No, the nouveau drivers to not get loaded then replaced by nvidia. This is an either-or situation where only one driver for the device ever gets loaded, and the first that succeeds is the one used.

To see which driver is actually loaded the command lsmod | grep -E 'nvidia|nouveau' will show the driver loaded.

You indicate the drivers seem to be loading properly and some systems do seem to require disabling the nvidia modeset.

Just as an FYI – I would gladly take the nvidia 3080 off your hands. (PM me if interested) I have 2 1050s in one machine and 1 3050 in another already and love the nvidia cards with many years experience using them.
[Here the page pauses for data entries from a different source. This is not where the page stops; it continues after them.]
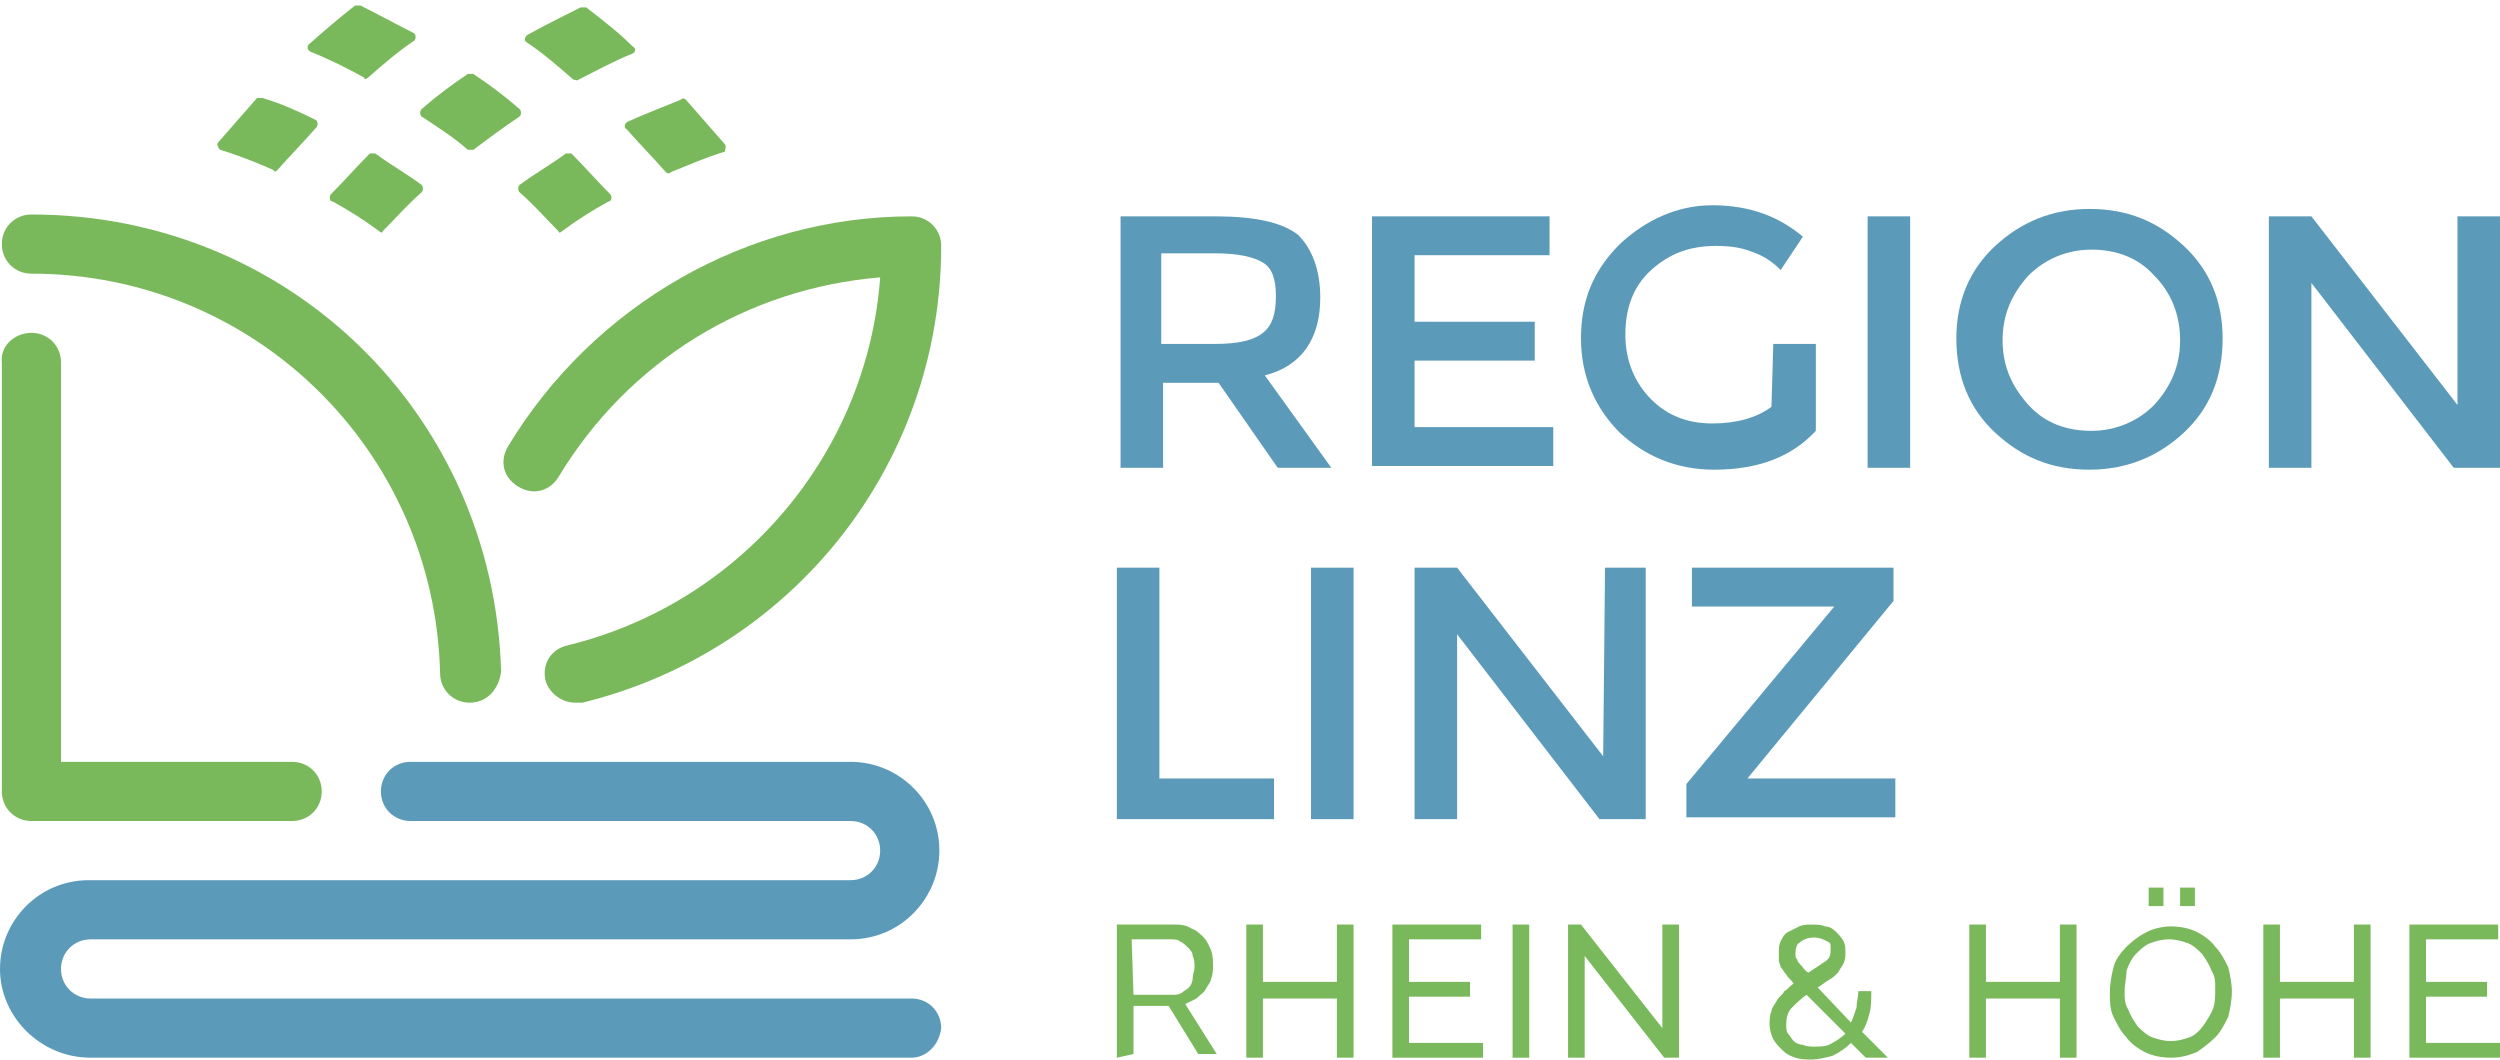 <?xml version="1.0" encoding="utf-8"?>
<!-- Generator: Adobe Illustrator 22.0.1, SVG Export Plug-In . SVG Version: 6.00 Build 0)  -->
<svg version="1.1" id="Ebene_1" xmlns="http://www.w3.org/2000/svg" xmlns:xlink="http://www.w3.org/1999/xlink" x="0px" y="0px"
	 viewBox="0 0 135.2 57.3" style="enable-background:new 0 0 135.2 57.3;" xml:space="preserve">
<style type="text/css">
	.st0{fill:#7AB95B;}
	.st1{fill:#5B9AB9;}
</style>
<g>
	<g>
		<g>
			<g>
				<path class="st0" d="M60.4,57.2V50h3.1c0.3,0,0.6,0,0.9,0.2c0.3,0.1,0.5,0.3,0.7,0.5c0.2,0.2,0.3,0.5,0.4,0.7
					c0.1,0.3,0.1,0.6,0.1,0.8s0,0.5-0.1,0.7c0,0.2-0.2,0.4-0.3,0.6c-0.1,0.2-0.3,0.3-0.5,0.5c-0.2,0.1-0.4,0.2-0.6,0.3l1.7,2.7h-1
					l-1.6-2.6h-1.9v2.6L60.4,57.2L60.4,57.2z M61.3,53.8h2.1c0.2,0,0.3,0,0.5-0.1c0.1-0.1,0.3-0.2,0.4-0.3s0.2-0.3,0.2-0.5
					c0-0.2,0.1-0.4,0.1-0.6c0-0.2,0-0.4-0.1-0.6c0-0.2-0.1-0.3-0.3-0.5c-0.1-0.1-0.2-0.2-0.4-0.3c-0.1-0.1-0.3-0.1-0.5-0.1h-2.1
					L61.3,53.8L61.3,53.8z"/>
			</g>
			<g>
				<path class="st0" d="M73.2,50v7.2h-0.9v-3.2h-4v3.2h-0.9V50h0.9v3.1h4V50H73.2z"/>
			</g>
			<g>
				<path class="st0" d="M80.2,56.4v0.8h-4.9V50h4.8v0.8h-3.9v2.3h3.3v0.8h-3.3v2.5L80.2,56.4L80.2,56.4z"/>
			</g>
			<g>
				<path class="st0" d="M81.8,57.2V50h0.9v7.2H81.8z"/>
			</g>
			<g>
				<path class="st0" d="M85.7,51.7v5.5h-0.9V50h0.7l4.4,5.6V50h0.9v7.2h-0.8L85.7,51.7z"/>
			</g>
			<g>
				<path class="st0" d="M100.9,57.2l-0.8-0.8c-0.3,0.3-0.6,0.5-1,0.7c-0.4,0.1-0.8,0.2-1.1,0.2c-0.3,0-0.6,0-0.9-0.1
					c-0.3-0.1-0.5-0.2-0.7-0.4c-0.2-0.2-0.4-0.4-0.5-0.6c-0.1-0.2-0.2-0.5-0.2-0.8c0-0.2,0-0.5,0.1-0.7c0-0.2,0.2-0.4,0.3-0.6
					c0.1-0.2,0.3-0.3,0.4-0.5c0.2-0.1,0.3-0.3,0.5-0.4c-0.1-0.2-0.3-0.3-0.4-0.5c-0.1-0.1-0.2-0.3-0.3-0.4c0-0.1-0.1-0.2-0.1-0.4
					c0-0.1,0-0.2,0-0.4c0-0.2,0-0.4,0.1-0.6s0.2-0.4,0.4-0.5s0.4-0.2,0.6-0.3c0.2-0.1,0.5-0.1,0.7-0.1s0.5,0,0.7,0.1
					c0.2,0,0.4,0.1,0.6,0.3c0.1,0.1,0.3,0.3,0.4,0.5c0.1,0.2,0.1,0.4,0.1,0.6c0,0.2,0,0.4-0.1,0.6c-0.1,0.2-0.2,0.3-0.3,0.5
					c-0.1,0.1-0.3,0.3-0.5,0.4c-0.2,0.1-0.4,0.3-0.6,0.4l1.8,1.9c0.1-0.2,0.2-0.5,0.3-0.8c0-0.3,0.1-0.6,0.1-0.9h0.7
					c0,0.4,0,0.9-0.1,1.2c-0.1,0.4-0.2,0.7-0.4,1l1.4,1.4L100.9,57.2L100.9,57.2z M98.2,56.6c0.3,0,0.6,0,0.9-0.2
					c0.2-0.1,0.5-0.3,0.7-0.5l-2.1-2.1c-0.3,0.2-0.6,0.5-0.8,0.7c-0.2,0.2-0.3,0.5-0.3,0.9c0,0.2,0,0.4,0.1,0.5
					c0.1,0.1,0.2,0.3,0.3,0.4c0.1,0.1,0.3,0.2,0.5,0.2C97.7,56.6,97.9,56.6,98.2,56.6z M97.1,51.5c0,0.1,0,0.1,0,0.2
					c0,0,0,0.1,0.1,0.2c0,0.1,0.1,0.2,0.2,0.3c0.1,0.1,0.2,0.3,0.4,0.4c0.3-0.2,0.6-0.4,0.9-0.6s0.3-0.4,0.3-0.7S99,51,98.8,50.9
					c-0.2-0.1-0.4-0.2-0.7-0.2c-0.3,0-0.6,0.1-0.8,0.3C97.2,51,97.1,51.3,97.1,51.5z"/>
			</g>
			<g>
				<path class="st0" d="M112.3,50v7.2h-0.9v-3.2h-4v3.2h-0.9V50h0.9v3.1h4V50H112.3z"/>
			</g>
			<g>
				<path class="st0" d="M117.4,57.2c-0.5,0-1-0.1-1.4-0.3c-0.4-0.2-0.8-0.5-1-0.8c-0.3-0.3-0.5-0.7-0.7-1.1s-0.2-0.9-0.2-1.3
					c0-0.5,0.1-1,0.2-1.4c0.1-0.4,0.4-0.8,0.7-1.1s0.7-0.6,1.1-0.8c0.4-0.2,0.9-0.3,1.3-0.3c0.5,0,1,0.1,1.4,0.3
					c0.4,0.2,0.8,0.5,1,0.8c0.3,0.3,0.5,0.7,0.7,1.1c0.1,0.4,0.2,0.9,0.2,1.3c0,0.5-0.1,1-0.2,1.4c-0.2,0.4-0.4,0.8-0.7,1.1
					c-0.3,0.3-0.7,0.6-1,0.8C118.3,57.1,117.9,57.2,117.4,57.2z M114.9,53.6c0,0.4,0,0.7,0.2,1c0.1,0.3,0.3,0.6,0.5,0.9
					c0.2,0.2,0.5,0.5,0.8,0.6c0.3,0.1,0.6,0.2,1,0.2c0.4,0,0.7-0.1,1-0.2c0.3-0.1,0.6-0.4,0.8-0.7c0.2-0.3,0.4-0.6,0.5-0.9
					c0.1-0.3,0.1-0.7,0.1-1c0-0.4,0-0.7-0.2-1c-0.1-0.3-0.3-0.6-0.5-0.9c-0.2-0.2-0.5-0.5-0.8-0.6c-0.3-0.1-0.6-0.2-1-0.2
					s-0.7,0.1-1,0.2c-0.3,0.1-0.6,0.4-0.8,0.6c-0.2,0.2-0.4,0.6-0.5,0.9C115,52.9,114.9,53.2,114.9,53.6z M116.2,49v-1h0.8v1
					L116.2,49L116.2,49z M117.9,49v-1h0.8v1L117.9,49L117.9,49z"/>
			</g>
			<g>
				<path class="st0" d="M128.2,50v7.2h-0.9v-3.2h-4v3.2h-0.9V50h0.9v3.1h4V50H128.2z"/>
			</g>
			<g>
				<path class="st0" d="M135.2,56.4v0.8h-4.9V50h4.8v0.8h-3.9v2.3h3.3v0.8h-3.3v2.5L135.2,56.4L135.2,56.4z"/>
			</g>
		</g>
		<g>
			<g>
				<path class="st1" d="M71.4,16.1c0,2.2-1,3.7-3,4.2l3.6,5h-2.9l-3.2-4.6h-3v4.6h-2.3V11.7h5.1c2.1,0,3.6,0.3,4.5,1
					C70.9,13.4,71.4,14.5,71.4,16.1z M68.3,18c0.5-0.4,0.7-1,0.7-2c0-0.9-0.2-1.5-0.7-1.8c-0.5-0.3-1.3-0.5-2.6-0.5h-2.9v4.9h2.9
					C67,18.6,67.8,18.4,68.3,18z"/>
			</g>
			<g>
				<path class="st1" d="M83.8,11.7v2.1h-7.3v3.6H83v2.1h-6.5v3.6H84v2.1h-9.8V11.7H83.8z"/>
			</g>
			<g>
				<path class="st1" d="M95.9,18.6h2.3v4.7c-1.3,1.4-3.1,2.1-5.5,2.1c-2,0-3.7-0.7-5.1-2c-1.3-1.3-2.1-3-2.1-5.1s0.7-3.7,2.1-5.1
					c1.4-1.3,3.1-2.1,5-2.1c2,0,3.6,0.6,4.9,1.7l-1.2,1.8c-0.5-0.5-1-0.8-1.6-1c-0.5-0.2-1.1-0.3-1.9-0.3c-1.4,0-2.5,0.4-3.5,1.3
					c-1,0.9-1.4,2.1-1.4,3.5c0,1.4,0.5,2.6,1.4,3.5c0.9,0.9,2,1.3,3.3,1.3c1.3,0,2.4-0.3,3.2-0.9L95.9,18.6L95.9,18.6z"/>
			</g>
			<g>
				<path class="st1" d="M101,11.7h2.3v13.6H101V11.7z"/>
			</g>
			<g>
				<path class="st1" d="M118.1,23.4c-1.4,1.3-3.1,2-5.1,2c-2.1,0-3.7-0.7-5.1-2s-2.1-3-2.1-5.1c0-2,0.7-3.7,2.1-5
					c1.4-1.3,3.1-2,5.1-2c2.1,0,3.7,0.7,5.1,2c1.4,1.3,2.1,3,2.1,5C120.2,20.4,119.5,22.1,118.1,23.4z M116.5,14.9
					c-0.9-1-2.1-1.4-3.4-1.4c-1.3,0-2.5,0.5-3.4,1.4c-0.9,1-1.4,2.1-1.4,3.5c0,1.4,0.5,2.5,1.4,3.5c0.9,1,2.1,1.4,3.4,1.4
					c1.3,0,2.5-0.5,3.4-1.4c0.9-1,1.4-2.1,1.4-3.5C117.9,17,117.4,15.8,116.5,14.9z"/>
			</g>
			<g>
				<path class="st1" d="M132.9,11.7h2.3v13.6h-2.5l-7.7-10v10h-2.3V11.7h2.3l7.9,10.2V11.7z"/>
			</g>
		</g>
		<g>
			<g>
				<path class="st1" d="M60.4,44.3V30.7h2.3v11.4h6.2v2.2H60.4z"/>
			</g>
			<g>
				<path class="st1" d="M70.9,30.7h2.3v13.6h-2.3V30.7z"/>
			</g>
			<g>
				<path class="st1" d="M86.8,30.7H89v13.6h-2.5l-7.7-10v10h-2.3V30.7h2.3l7.9,10.2L86.8,30.7L86.8,30.7z"/>
			</g>
			<g>
				<path class="st1" d="M99.2,32.8h-7.7v-2.1h10.9v1.8l-7.9,9.6v0h8v2.1H91.2v-1.8L99.2,32.8L99.2,32.8L99.2,32.8z"/>
			</g>
		</g>
	</g>
	<g>
		<g>
			<path class="st0" d="M15.8,44.4H1.7c-0.9,0-1.6-0.7-1.6-1.6V19.6C0,18.7,0.8,18,1.7,18s1.6,0.7,1.6,1.6v21.6h12.5
				c0.9,0,1.6,0.7,1.6,1.6C17.4,43.7,16.7,44.4,15.8,44.4z"/>
		</g>
		<g>
			<path class="st0" d="M25.4,38c-0.9,0-1.6-0.7-1.6-1.6C23.5,24.3,13.7,14.8,1.7,14.8c-0.9,0-1.6-0.7-1.6-1.6s0.7-1.6,1.6-1.6
				c13.9,0,25,10.8,25.4,24.7C27,37.2,26.4,38,25.4,38C25.5,38,25.5,38,25.4,38z"/>
		</g>
		<g>
			<path class="st0" d="M31.1,38c-0.7,0-1.4-0.5-1.6-1.2c-0.2-0.9,0.3-1.7,1.2-1.9c9.4-2.3,16.2-10.4,16.9-19.9
				c-7.2,0.6-13.6,4.5-17.4,10.8c-0.5,0.8-1.4,1-2.2,0.5c-0.8-0.5-1-1.4-0.5-2.2c4.6-7.6,12.9-12.4,21.8-12.4c0.9,0,1.6,0.7,1.6,1.6
				c0,11.8-8,21.9-19.4,24.7C31.3,38,31.2,38,31.1,38z"/>
		</g>
		<g>
			<path class="st1" d="M49.3,57.2H4.9C2.2,57.2,0,55,0,52.4c0-2.6,2.1-4.8,4.8-4.8h41.2c0.9,0,1.6-0.7,1.6-1.6s-0.7-1.6-1.6-1.6
				H22.2c-0.9,0-1.6-0.7-1.6-1.6c0-0.9,0.7-1.6,1.6-1.6h23.8c2.6,0,4.8,2.1,4.8,4.8c0,2.6-2.1,4.8-4.8,4.8H4.9
				c-0.9,0-1.6,0.7-1.6,1.6S4,54,4.9,54h44.4c0.9,0,1.6,0.7,1.6,1.6C50.8,56.5,50.1,57.2,49.3,57.2z"/>
		</g>
	</g>
	<g>
		<g>
			<path class="st0" d="M15,9.2c0.7-0.8,1.4-1.5,2.1-2.3c0.1-0.1,0.1-0.3,0-0.4c-1-0.5-1.9-0.9-2.9-1.2c-0.1,0-0.2,0-0.3,0
				c-0.7,0.8-1.4,1.6-2.1,2.4c-0.1,0.1,0,0.3,0.1,0.4c1,0.3,2,0.7,2.9,1.1C14.8,9.3,14.9,9.3,15,9.2z"/>
		</g>
		<g>
			<path class="st0" d="M20.7,12.5c0.7-0.7,1.3-1.4,2.1-2.1c0.1-0.1,0.1-0.3,0-0.4c-0.8-0.6-1.7-1.1-2.5-1.7c-0.1,0-0.2,0-0.3,0
				c-0.7,0.7-1.4,1.5-2.1,2.2c-0.1,0.1-0.1,0.4,0.1,0.4c0.9,0.5,1.7,1,2.5,1.6C20.6,12.6,20.7,12.6,20.7,12.5z"/>
		</g>
		<g>
			<path class="st0" d="M30.2,12.5c-0.7-0.7-1.3-1.4-2.1-2.1c-0.1-0.1-0.1-0.3,0-0.4c0.8-0.6,1.7-1.1,2.5-1.7c0.1,0,0.2,0,0.3,0
				c0.7,0.7,1.4,1.5,2.1,2.2c0.1,0.1,0.1,0.4-0.1,0.4c-0.9,0.5-1.7,1-2.5,1.6C30.3,12.6,30.2,12.6,30.2,12.5z"/>
		</g>
		<g>
			<path class="st0" d="M39.2,7.8c-0.7-0.8-1.4-1.6-2.1-2.4c-0.1-0.1-0.2-0.1-0.3,0c-1,0.4-2,0.8-2.9,1.2c-0.1,0.1-0.2,0.3,0,0.4
				c0.7,0.8,1.4,1.5,2.1,2.3c0.1,0.1,0.2,0.1,0.3,0c1-0.4,1.9-0.8,2.9-1.1C39.2,8.1,39.3,7.9,39.2,7.8z"/>
		</g>
		<g>
			<path class="st0" d="M25.6,8.1c0.8-0.6,1.6-1.2,2.5-1.8c0.1-0.1,0.1-0.3,0-0.4c-0.8-0.7-1.6-1.3-2.5-1.9c-0.1,0-0.2,0-0.3,0
				c-0.9,0.6-1.7,1.2-2.5,1.9c-0.1,0.1-0.1,0.3,0,0.4c0.9,0.6,1.7,1.1,2.5,1.8C25.4,8.1,25.5,8.1,25.6,8.1z"/>
		</g>
		<g>
			<path class="st0" d="M34.2,2.5c-0.8-0.8-1.6-1.4-2.5-2.1c0,0-0.2,0-0.3,0c-1,0.5-2,1-2.9,1.5c-0.1,0.1-0.2,0.3,0,0.4
				c0.9,0.6,1.7,1.3,2.5,2c0.1,0,0.2,0.1,0.3,0c1-0.5,1.9-1,2.9-1.4C34.4,2.8,34.4,2.6,34.2,2.5z"/>
		</g>
		<g>
			<path class="st0" d="M19.9,4.2c0.8-0.7,1.6-1.4,2.5-2c0.1-0.1,0.1-0.3,0-0.4c-1-0.5-1.9-1-2.9-1.5c-0.1,0-0.2,0-0.3,0
				c-0.9,0.7-1.7,1.4-2.5,2.1c-0.1,0.1-0.1,0.3,0.1,0.4c1,0.4,2,0.9,2.9,1.4C19.7,4.3,19.8,4.3,19.9,4.2z"/>
		</g>
	</g>
</g>
</svg>

Just out of curiosity, you mentioned secure boot.

  1. How was the nvidia driver installed? Directly from nvidia or from rpmfusion?
  2. If from rpmfusion then how are you using secure boot.? The instructions for doing so are on the rpmfusion web site. I do not install from the nvidia site so have no experience in signing the modules when installed from nvidia.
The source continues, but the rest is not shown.